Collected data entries
Segment Open

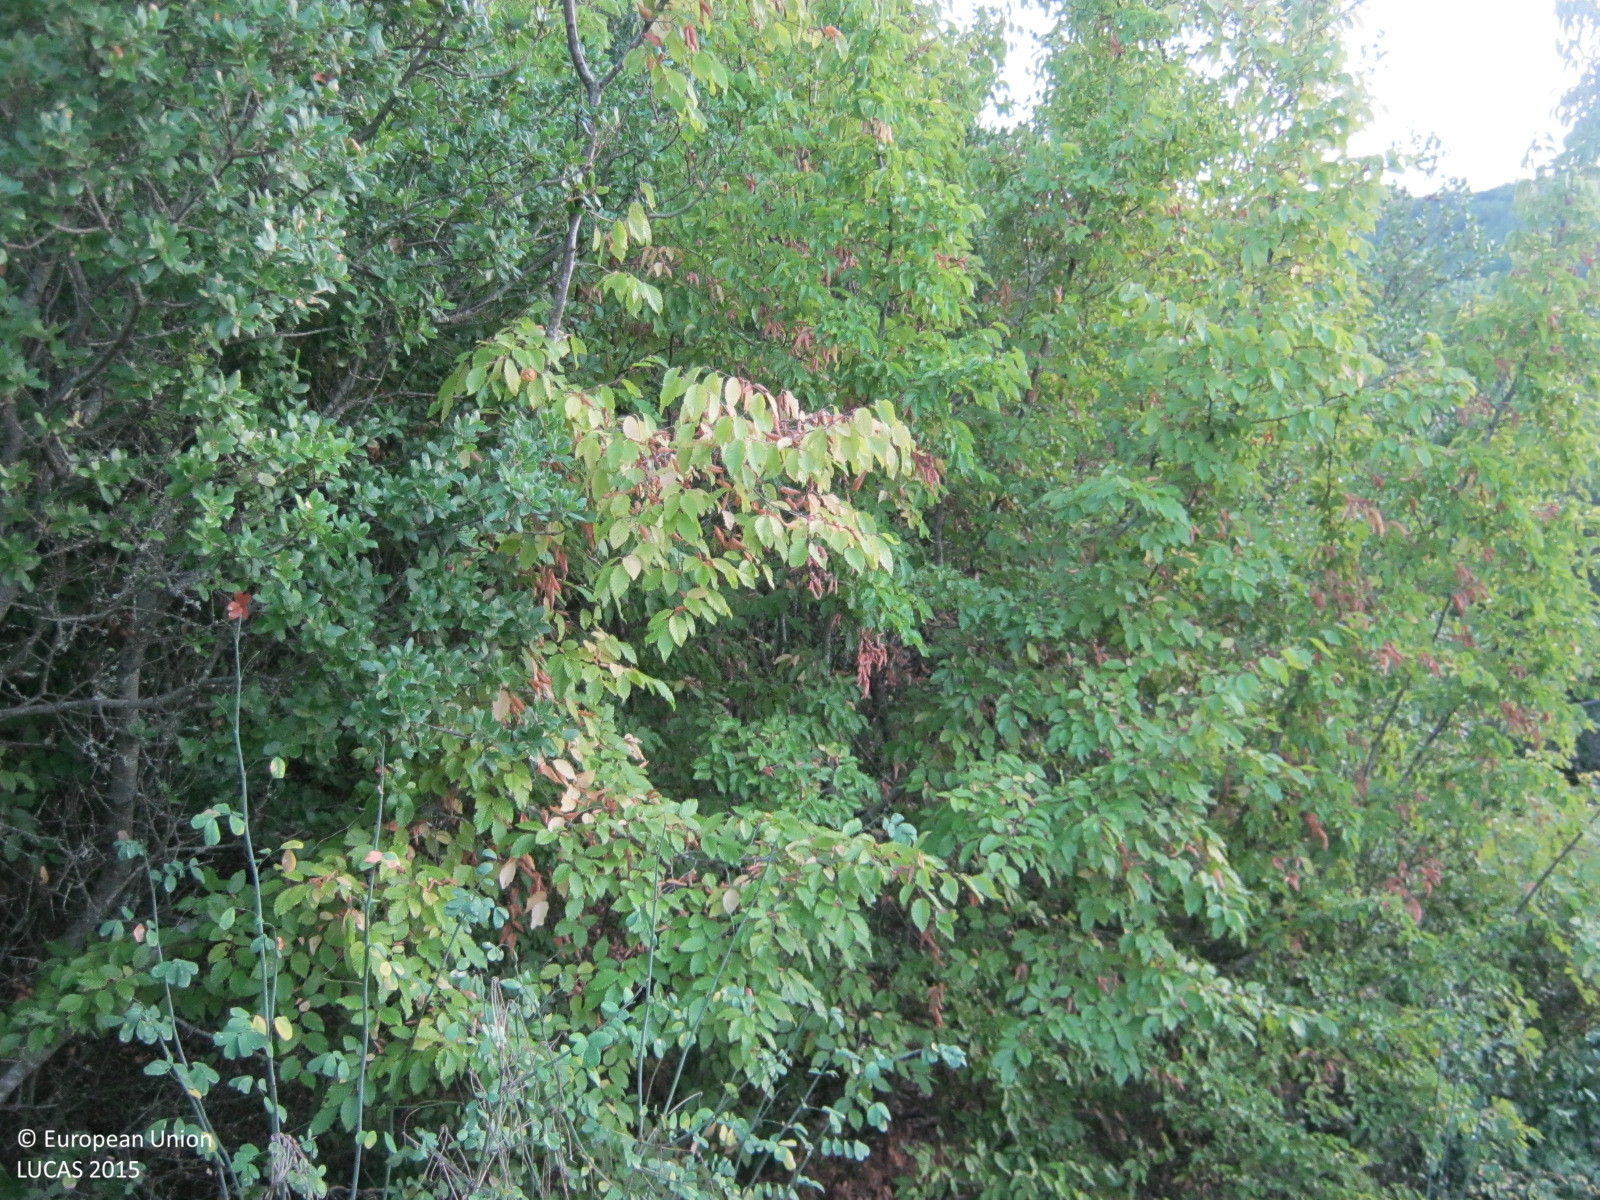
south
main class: Woodland
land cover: Broadleaved woodland
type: thermophilous deciduous forest
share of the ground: > 75 %
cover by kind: broadleaved forest trees 90 %, coniferous forest trees 5 %, shrubs 5 %
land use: Forestry
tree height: > 5 m
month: September
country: GR
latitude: 40.5029
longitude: 23.3567
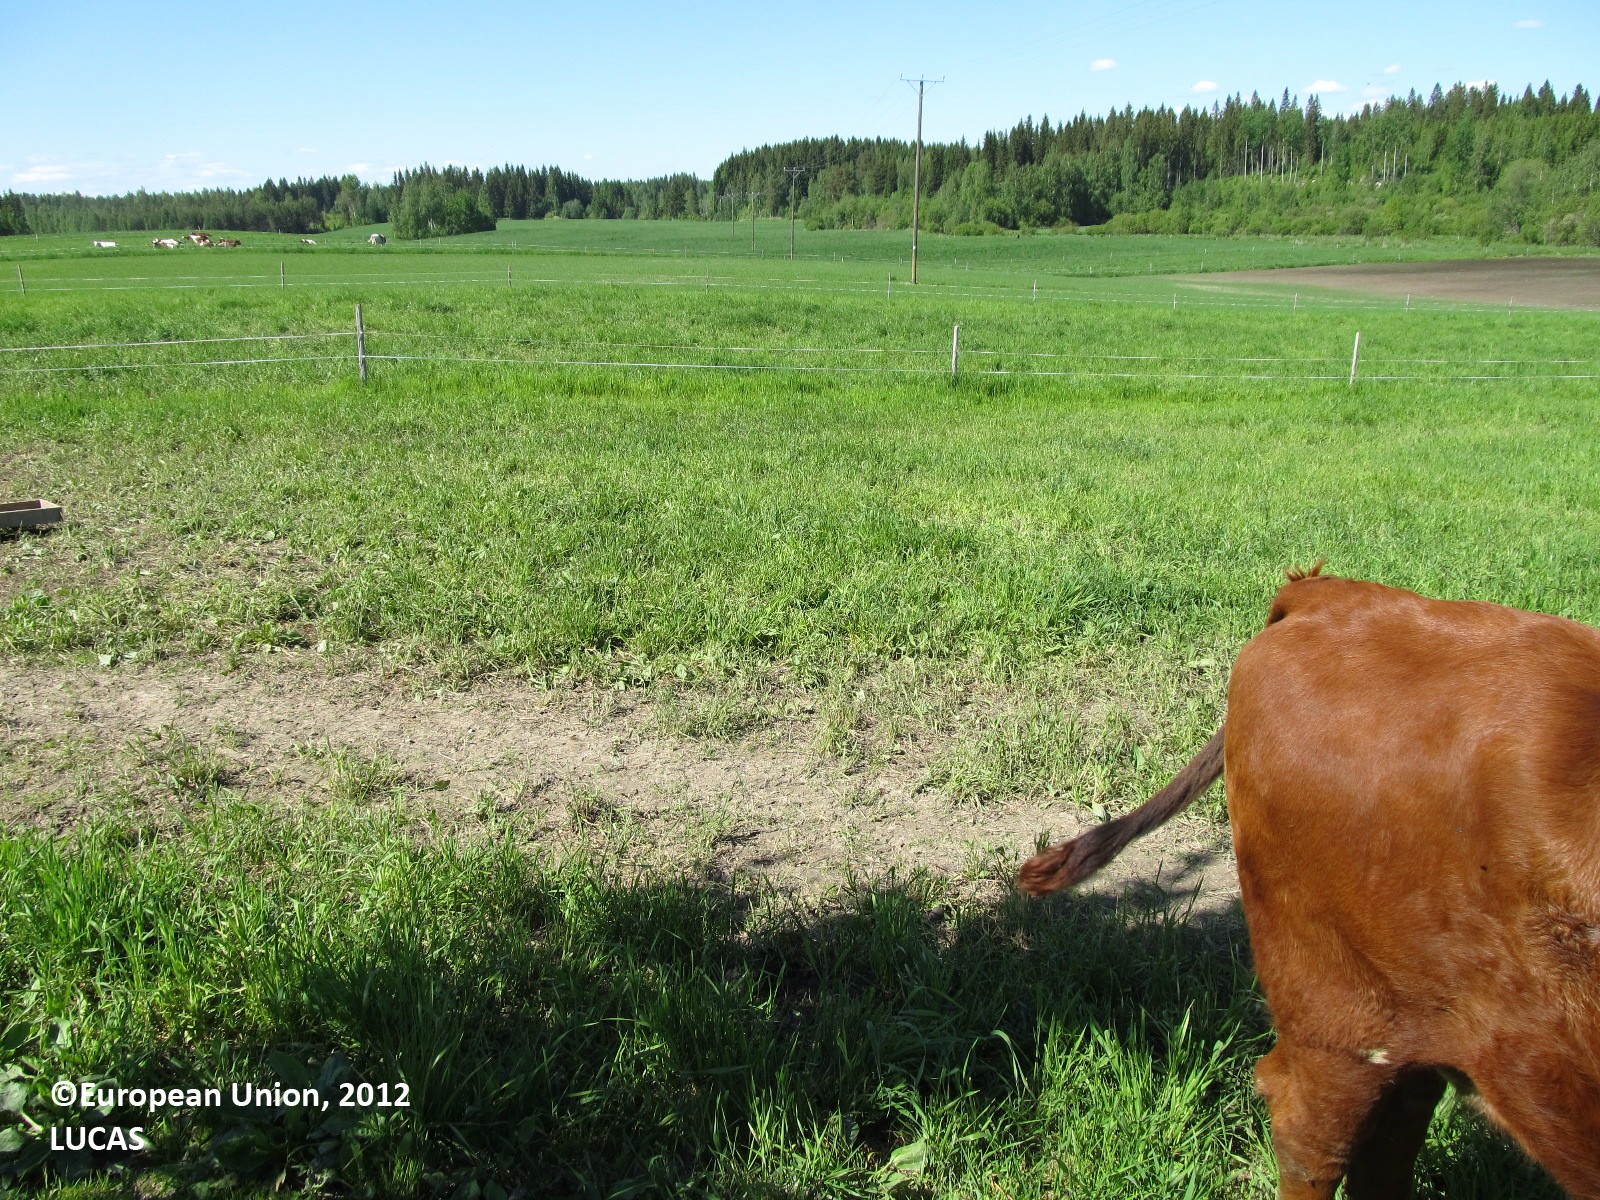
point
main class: Grassland
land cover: Grassland without tree/shrub cover
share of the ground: > 75 %
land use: Agriculture (excluding fallow land and kitchen gardens)
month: June
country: FI
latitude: 63.0323
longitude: 27.5772

Segment Closed

Work task: Your task is to repeat the records exactly. Images do not belong in the copy.

Task response:
south
main class: Woodland
land cover: Broadleaved woodland
type: thermophilous deciduous forest
share of the ground: > 75 %
cover by kind: broadleaved forest trees 90 %, coniferous forest trees 5 %, shrubs 5 %
land use: Forestry
tree height: > 5 m
month: September
country: GR
latitude: 40.5029
longitude: 23.3567
point
main class: Grassland
land cover: Grassland without tree/shrub cover
share of the ground: > 75 %
land use: Agriculture (excluding fallow land and kitchen gardens)
month: June
country: FI
latitude: 63.0323
longitude: 27.5772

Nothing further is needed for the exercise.